> _Task to carry out_: Exact transcription begins at the first line of the material below and ends with the line holding "#240=VECTOR('',#826,10.);"; pictures are skipped.

> _Records provided_:
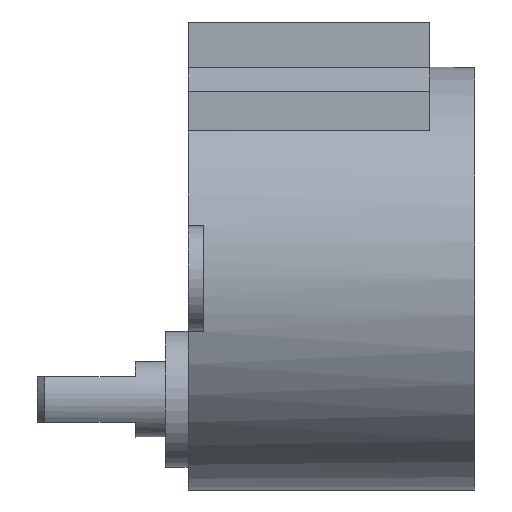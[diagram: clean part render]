
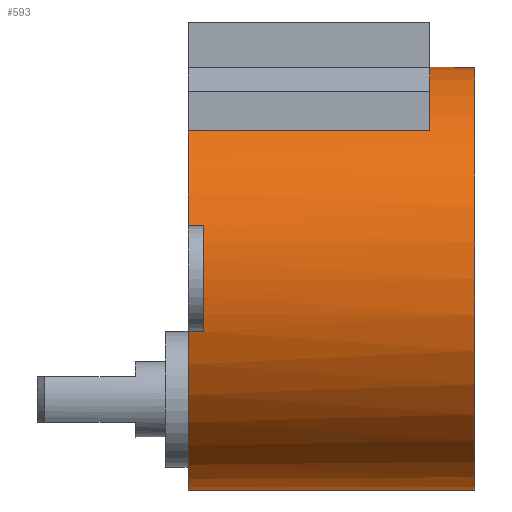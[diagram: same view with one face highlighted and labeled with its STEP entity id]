
A CAD part, left-side view. The second image highlights one B-rep face of the part: STEP entity #593.
In plain terms, the highlighted cylindrical face has radius 14 mm (diameter 28 mm), a full revolution.
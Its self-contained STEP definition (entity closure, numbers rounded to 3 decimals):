
#51=CIRCLE('',#653,14.);
#52=CIRCLE('',#654,14.);
#57=CIRCLE('',#664,14.);
#58=CIRCLE('',#666,14.);
#59=CIRCLE('',#667,14.);
#60=CIRCLE('',#668,14.);
#68=CYLINDRICAL_SURFACE('',#665,14.);
#99=FACE_OUTER_BOUND('',#135,.T.);
#135=EDGE_LOOP('',(#516,#517,#518,#519,#520,#521,#522,#523,#524,#525,#526,
#527));
#178=LINE('',#977,#229);
#180=LINE('',#982,#231);
#187=LINE('',#1008,#238);
#189=LINE('',#1013,#240);
#191=LINE('',#1021,#242);
#229=VECTOR('',#791,10.);
#231=VECTOR('',#795,10.);
#238=VECTOR('',#822,10.);
#240=VECTOR('',#826,10.);
#242=VECTOR('',#838,14.);
#281=VERTEX_POINT('',#973);
#282=VERTEX_POINT('',#975);
#283=VERTEX_POINT('',#979);
#284=VERTEX_POINT('',#981);
#285=VERTEX_POINT('',#985);
#292=VERTEX_POINT('',#1004);
#293=VERTEX_POINT('',#1006);
#294=VERTEX_POINT('',#1010);
#295=VERTEX_POINT('',#1012);
#296=VERTEX_POINT('',#1020);
#354=EDGE_CURVE('',#281,#282,#178,.T.);
#356=EDGE_CURVE('',#284,#283,#180,.T.);
#358=EDGE_CURVE('',#285,#284,#51,.T.);
#359=EDGE_CURVE('',#282,#285,#52,.T.);
#369=EDGE_CURVE('',#292,#293,#187,.T.);
#371=EDGE_CURVE('',#295,#294,#189,.T.);
#373=EDGE_CURVE('',#293,#295,#57,.T.);
#374=EDGE_CURVE('',#292,#283,#58,.T.);
#375=EDGE_CURVE('',#281,#294,#59,.T.);
#376=EDGE_CURVE('',#285,#296,#191,.T.);
#377=EDGE_CURVE('',#296,#296,#60,.T.);
#516=ORIENTED_EDGE('',*,*,#356,.T.);
#517=ORIENTED_EDGE('',*,*,#374,.F.);
#518=ORIENTED_EDGE('',*,*,#369,.T.);
#519=ORIENTED_EDGE('',*,*,#373,.T.);
#520=ORIENTED_EDGE('',*,*,#371,.T.);
#521=ORIENTED_EDGE('',*,*,#375,.F.);
#522=ORIENTED_EDGE('',*,*,#354,.T.);
#523=ORIENTED_EDGE('',*,*,#359,.T.);
#524=ORIENTED_EDGE('',*,*,#376,.T.);
#525=ORIENTED_EDGE('',*,*,#377,.T.);
#526=ORIENTED_EDGE('',*,*,#376,.F.);
#527=ORIENTED_EDGE('',*,*,#358,.T.);
#593=ADVANCED_FACE('',(#99),#68,.T.);
#653=AXIS2_PLACEMENT_3D('',#986,#799,#800);
#654=AXIS2_PLACEMENT_3D('',#987,#801,#802);
#664=AXIS2_PLACEMENT_3D('',#1016,#830,#831);
#665=AXIS2_PLACEMENT_3D('',#1017,#832,#833);
#666=AXIS2_PLACEMENT_3D('',#1018,#834,#835);
#667=AXIS2_PLACEMENT_3D('',#1019,#836,#837);
#668=AXIS2_PLACEMENT_3D('',#1022,#839,#840);
#791=DIRECTION('',(0.,-1.,0.));
#795=DIRECTION('',(0.,1.,0.));
#799=DIRECTION('center_axis',(0.,-1.,0.));
#800=DIRECTION('ref_axis',(1.,0.,0.));
#801=DIRECTION('center_axis',(0.,-1.,0.));
#802=DIRECTION('ref_axis',(1.,0.,0.));
#822=DIRECTION('',(0.,-1.,0.));
#826=DIRECTION('',(0.,1.,0.));
#830=DIRECTION('center_axis',(0.,-1.,0.));
#831=DIRECTION('ref_axis',(1.,0.,0.));
#832=DIRECTION('center_axis',(0.,1.,0.));
#833=DIRECTION('ref_axis',(1.,0.,0.));
#834=DIRECTION('center_axis',(0.,1.,0.));
#835=DIRECTION('ref_axis',(1.,0.,0.));
#836=DIRECTION('center_axis',(0.,1.,0.));
#837=DIRECTION('ref_axis',(1.,0.,0.));
#838=DIRECTION('',(0.,-1.,0.));
#839=DIRECTION('center_axis',(0.,1.,0.));
#840=DIRECTION('ref_axis',(1.,0.,0.));
#973=CARTESIAN_POINT('',(-13.555,19.,3.5));
#975=CARTESIAN_POINT('',(-13.555,18.,3.5));
#977=CARTESIAN_POINT('',(-13.555,0.,3.5));
#979=CARTESIAN_POINT('',(-13.555,19.,-3.5));
#981=CARTESIAN_POINT('',(-13.555,18.,-3.5));
#982=CARTESIAN_POINT('',(-13.555,0.,-3.5));
#985=CARTESIAN_POINT('',(-14.,18.,0.));
#986=CARTESIAN_POINT('Origin',(0.,18.,0.));
#987=CARTESIAN_POINT('Origin',(0.,18.,0.));
#1004=CARTESIAN_POINT('',(13.555,19.,-3.5));
#1006=CARTESIAN_POINT('',(13.555,18.,-3.5));
#1008=CARTESIAN_POINT('',(13.555,0.,-3.5));
#1010=CARTESIAN_POINT('',(13.555,19.,3.5));
#1012=CARTESIAN_POINT('',(13.555,18.,3.5));
#1013=CARTESIAN_POINT('',(13.555,0.,3.5));
#1016=CARTESIAN_POINT('Origin',(0.,18.,0.));
#1017=CARTESIAN_POINT('Origin',(0.,0.,0.));
#1018=CARTESIAN_POINT('Origin',(0.,19.,0.));
#1019=CARTESIAN_POINT('Origin',(0.,19.,0.));
#1020=CARTESIAN_POINT('',(-14.,0.,0.));
#1021=CARTESIAN_POINT('',(-14.,0.,0.));
#1022=CARTESIAN_POINT('Origin',(0.,0.,0.));

> _Solution to this problem_:
[diagram: clean part render]
[diagram: same view with one face highlighted and labeled with its STEP entity id]
A CAD part, left-side view. The second image highlights one B-rep face of the part: STEP entity #593.
In plain terms, the highlighted cylindrical face has radius 14 mm (diameter 28 mm), a full revolution.
Its self-contained STEP definition (entity closure, numbers rounded to 3 decimals):
#51=CIRCLE('',#653,14.);
#52=CIRCLE('',#654,14.);
#57=CIRCLE('',#664,14.);
#58=CIRCLE('',#666,14.);
#59=CIRCLE('',#667,14.);
#60=CIRCLE('',#668,14.);
#68=CYLINDRICAL_SURFACE('',#665,14.);
#99=FACE_OUTER_BOUND('',#135,.T.);
#135=EDGE_LOOP('',(#516,#517,#518,#519,#520,#521,#522,#523,#524,#525,#526,
#527));
#178=LINE('',#977,#229);
#180=LINE('',#982,#231);
#187=LINE('',#1008,#238);
#189=LINE('',#1013,#240);
#191=LINE('',#1021,#242);
#229=VECTOR('',#791,10.);
#231=VECTOR('',#795,10.);
#238=VECTOR('',#822,10.);
#240=VECTOR('',#826,10.);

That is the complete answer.